[Records from a dataset]
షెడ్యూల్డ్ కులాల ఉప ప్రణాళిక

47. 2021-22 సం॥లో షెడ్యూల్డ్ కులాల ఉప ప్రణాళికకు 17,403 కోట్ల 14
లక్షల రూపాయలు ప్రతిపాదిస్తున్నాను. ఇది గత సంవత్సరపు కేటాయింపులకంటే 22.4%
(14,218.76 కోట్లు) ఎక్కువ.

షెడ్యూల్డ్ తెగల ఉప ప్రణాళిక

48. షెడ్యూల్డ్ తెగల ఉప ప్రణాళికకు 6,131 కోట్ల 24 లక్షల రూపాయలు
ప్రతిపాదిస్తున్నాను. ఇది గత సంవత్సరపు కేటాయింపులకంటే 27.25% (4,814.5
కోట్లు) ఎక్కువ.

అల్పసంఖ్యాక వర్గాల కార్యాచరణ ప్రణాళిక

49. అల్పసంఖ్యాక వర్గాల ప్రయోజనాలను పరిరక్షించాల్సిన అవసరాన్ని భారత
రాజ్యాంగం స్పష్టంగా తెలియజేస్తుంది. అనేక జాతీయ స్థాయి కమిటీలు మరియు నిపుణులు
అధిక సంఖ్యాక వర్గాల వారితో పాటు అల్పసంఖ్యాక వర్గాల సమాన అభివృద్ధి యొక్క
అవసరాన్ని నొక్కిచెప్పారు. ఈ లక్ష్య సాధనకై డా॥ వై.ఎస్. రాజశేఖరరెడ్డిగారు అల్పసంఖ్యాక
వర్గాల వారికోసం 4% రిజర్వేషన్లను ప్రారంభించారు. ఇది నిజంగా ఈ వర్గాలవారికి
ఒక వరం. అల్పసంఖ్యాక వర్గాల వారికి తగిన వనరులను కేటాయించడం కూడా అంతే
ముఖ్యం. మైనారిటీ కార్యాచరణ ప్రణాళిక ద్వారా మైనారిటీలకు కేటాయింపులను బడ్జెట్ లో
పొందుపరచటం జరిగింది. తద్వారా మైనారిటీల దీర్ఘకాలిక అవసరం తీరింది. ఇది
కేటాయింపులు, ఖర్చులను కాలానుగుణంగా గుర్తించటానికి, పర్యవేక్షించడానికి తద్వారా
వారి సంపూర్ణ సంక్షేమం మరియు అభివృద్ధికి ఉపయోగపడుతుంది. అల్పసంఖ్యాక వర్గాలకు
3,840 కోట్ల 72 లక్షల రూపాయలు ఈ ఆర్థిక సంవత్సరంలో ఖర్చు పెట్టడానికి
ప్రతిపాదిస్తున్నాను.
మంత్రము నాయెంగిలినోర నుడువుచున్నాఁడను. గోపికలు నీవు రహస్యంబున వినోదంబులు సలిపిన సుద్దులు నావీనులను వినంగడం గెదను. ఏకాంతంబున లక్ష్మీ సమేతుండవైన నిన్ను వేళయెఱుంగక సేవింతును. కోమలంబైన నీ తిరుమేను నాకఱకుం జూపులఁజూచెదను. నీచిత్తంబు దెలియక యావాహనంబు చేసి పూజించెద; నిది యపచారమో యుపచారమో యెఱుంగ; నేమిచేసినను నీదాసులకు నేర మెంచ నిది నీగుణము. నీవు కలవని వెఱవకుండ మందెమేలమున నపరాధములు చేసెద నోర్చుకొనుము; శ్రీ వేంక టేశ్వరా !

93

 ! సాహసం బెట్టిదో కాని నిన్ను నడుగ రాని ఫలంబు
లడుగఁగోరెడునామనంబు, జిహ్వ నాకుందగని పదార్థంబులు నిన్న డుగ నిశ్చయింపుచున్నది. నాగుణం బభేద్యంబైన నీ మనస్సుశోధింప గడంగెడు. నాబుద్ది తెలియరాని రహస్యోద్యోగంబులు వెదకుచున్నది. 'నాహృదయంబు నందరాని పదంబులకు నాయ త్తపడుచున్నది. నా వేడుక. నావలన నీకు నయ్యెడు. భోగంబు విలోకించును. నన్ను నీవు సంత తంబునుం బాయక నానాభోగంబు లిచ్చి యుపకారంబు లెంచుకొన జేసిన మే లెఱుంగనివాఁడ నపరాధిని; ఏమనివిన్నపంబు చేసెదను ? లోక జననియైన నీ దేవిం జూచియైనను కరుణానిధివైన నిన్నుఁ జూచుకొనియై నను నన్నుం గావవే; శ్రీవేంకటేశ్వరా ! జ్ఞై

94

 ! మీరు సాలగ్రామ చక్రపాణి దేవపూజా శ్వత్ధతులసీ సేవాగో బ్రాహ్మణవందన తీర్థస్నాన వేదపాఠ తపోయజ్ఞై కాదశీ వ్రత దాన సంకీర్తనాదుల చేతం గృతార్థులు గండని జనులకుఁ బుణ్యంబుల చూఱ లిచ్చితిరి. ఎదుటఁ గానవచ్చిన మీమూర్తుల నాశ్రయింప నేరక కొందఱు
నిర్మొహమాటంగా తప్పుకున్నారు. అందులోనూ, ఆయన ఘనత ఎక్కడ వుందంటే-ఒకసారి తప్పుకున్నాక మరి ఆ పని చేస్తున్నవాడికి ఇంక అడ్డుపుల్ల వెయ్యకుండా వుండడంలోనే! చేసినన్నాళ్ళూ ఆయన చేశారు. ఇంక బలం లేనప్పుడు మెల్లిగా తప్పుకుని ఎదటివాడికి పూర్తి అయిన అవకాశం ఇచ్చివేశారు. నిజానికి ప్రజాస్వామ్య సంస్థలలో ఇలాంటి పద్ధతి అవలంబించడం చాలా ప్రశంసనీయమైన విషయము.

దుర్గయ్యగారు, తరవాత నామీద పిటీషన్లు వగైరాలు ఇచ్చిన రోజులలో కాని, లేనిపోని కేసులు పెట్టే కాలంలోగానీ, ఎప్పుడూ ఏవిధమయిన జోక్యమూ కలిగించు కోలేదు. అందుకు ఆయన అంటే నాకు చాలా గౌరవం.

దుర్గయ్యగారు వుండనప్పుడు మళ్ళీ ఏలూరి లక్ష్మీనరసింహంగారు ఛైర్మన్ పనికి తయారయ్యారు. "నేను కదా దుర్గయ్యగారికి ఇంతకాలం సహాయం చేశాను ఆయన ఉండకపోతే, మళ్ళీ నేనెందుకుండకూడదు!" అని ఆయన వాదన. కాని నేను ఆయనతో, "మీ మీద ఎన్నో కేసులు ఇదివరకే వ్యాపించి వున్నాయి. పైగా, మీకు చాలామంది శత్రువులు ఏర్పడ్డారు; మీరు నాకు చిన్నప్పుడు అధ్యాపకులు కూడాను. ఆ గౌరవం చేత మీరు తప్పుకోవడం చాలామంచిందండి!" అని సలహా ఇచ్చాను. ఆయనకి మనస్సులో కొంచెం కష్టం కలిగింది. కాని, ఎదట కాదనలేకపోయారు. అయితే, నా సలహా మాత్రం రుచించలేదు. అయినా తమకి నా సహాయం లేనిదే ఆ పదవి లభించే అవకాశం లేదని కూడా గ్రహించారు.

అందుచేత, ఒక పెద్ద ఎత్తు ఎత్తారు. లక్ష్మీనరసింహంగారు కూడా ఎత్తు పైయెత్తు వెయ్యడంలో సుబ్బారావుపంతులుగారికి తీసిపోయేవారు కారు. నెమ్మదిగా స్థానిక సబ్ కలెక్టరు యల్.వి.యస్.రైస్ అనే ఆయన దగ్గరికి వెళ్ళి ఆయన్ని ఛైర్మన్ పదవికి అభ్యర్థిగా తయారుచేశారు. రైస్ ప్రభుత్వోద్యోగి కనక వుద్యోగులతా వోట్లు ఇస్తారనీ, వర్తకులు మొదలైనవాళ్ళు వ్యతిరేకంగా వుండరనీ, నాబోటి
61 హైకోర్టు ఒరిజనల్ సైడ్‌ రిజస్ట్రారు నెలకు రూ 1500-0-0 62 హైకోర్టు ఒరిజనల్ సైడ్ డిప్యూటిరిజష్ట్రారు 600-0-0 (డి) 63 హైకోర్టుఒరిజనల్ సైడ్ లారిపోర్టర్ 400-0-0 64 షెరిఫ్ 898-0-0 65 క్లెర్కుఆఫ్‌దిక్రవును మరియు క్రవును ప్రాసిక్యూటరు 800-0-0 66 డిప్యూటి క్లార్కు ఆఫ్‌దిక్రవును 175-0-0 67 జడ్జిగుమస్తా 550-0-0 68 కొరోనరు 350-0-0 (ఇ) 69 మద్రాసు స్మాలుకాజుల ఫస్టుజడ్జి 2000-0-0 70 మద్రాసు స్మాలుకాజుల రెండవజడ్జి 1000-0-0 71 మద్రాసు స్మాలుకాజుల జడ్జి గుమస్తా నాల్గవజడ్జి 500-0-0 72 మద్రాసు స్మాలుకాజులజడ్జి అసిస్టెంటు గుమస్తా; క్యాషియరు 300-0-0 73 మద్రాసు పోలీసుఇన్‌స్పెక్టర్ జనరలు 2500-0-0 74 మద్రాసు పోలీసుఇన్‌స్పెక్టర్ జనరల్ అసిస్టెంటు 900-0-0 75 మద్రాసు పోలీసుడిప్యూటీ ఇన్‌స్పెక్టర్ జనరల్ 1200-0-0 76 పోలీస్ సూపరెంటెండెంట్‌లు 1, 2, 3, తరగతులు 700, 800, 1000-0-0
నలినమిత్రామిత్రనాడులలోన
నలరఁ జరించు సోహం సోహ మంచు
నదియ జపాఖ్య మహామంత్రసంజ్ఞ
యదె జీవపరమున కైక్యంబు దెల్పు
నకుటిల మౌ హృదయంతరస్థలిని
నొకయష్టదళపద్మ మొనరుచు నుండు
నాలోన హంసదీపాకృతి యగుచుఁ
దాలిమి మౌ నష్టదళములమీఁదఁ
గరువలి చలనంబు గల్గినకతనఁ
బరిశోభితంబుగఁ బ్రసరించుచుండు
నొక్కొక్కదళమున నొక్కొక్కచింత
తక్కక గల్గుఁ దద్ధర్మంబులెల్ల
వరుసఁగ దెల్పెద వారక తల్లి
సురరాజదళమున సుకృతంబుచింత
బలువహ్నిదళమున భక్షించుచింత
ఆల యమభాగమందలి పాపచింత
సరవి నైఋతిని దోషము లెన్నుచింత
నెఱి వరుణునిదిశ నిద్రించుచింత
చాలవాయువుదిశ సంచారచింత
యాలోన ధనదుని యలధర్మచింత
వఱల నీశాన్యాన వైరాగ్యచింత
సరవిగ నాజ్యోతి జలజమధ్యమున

## What the task asks
Lines from the one containing "సరవి నైఋతిని దోషము లెన్నుచింత" to the end of the data are to be printed exactly, including the first and last.

## Your response
సరవి నైఋతిని దోషము లెన్నుచింత
నెఱి వరుణునిదిశ నిద్రించుచింత
చాలవాయువుదిశ సంచారచింత
యాలోన ధనదుని యలధర్మచింత
వఱల నీశాన్యాన వైరాగ్యచింత
సరవిగ నాజ్యోతి జలజమధ్యమున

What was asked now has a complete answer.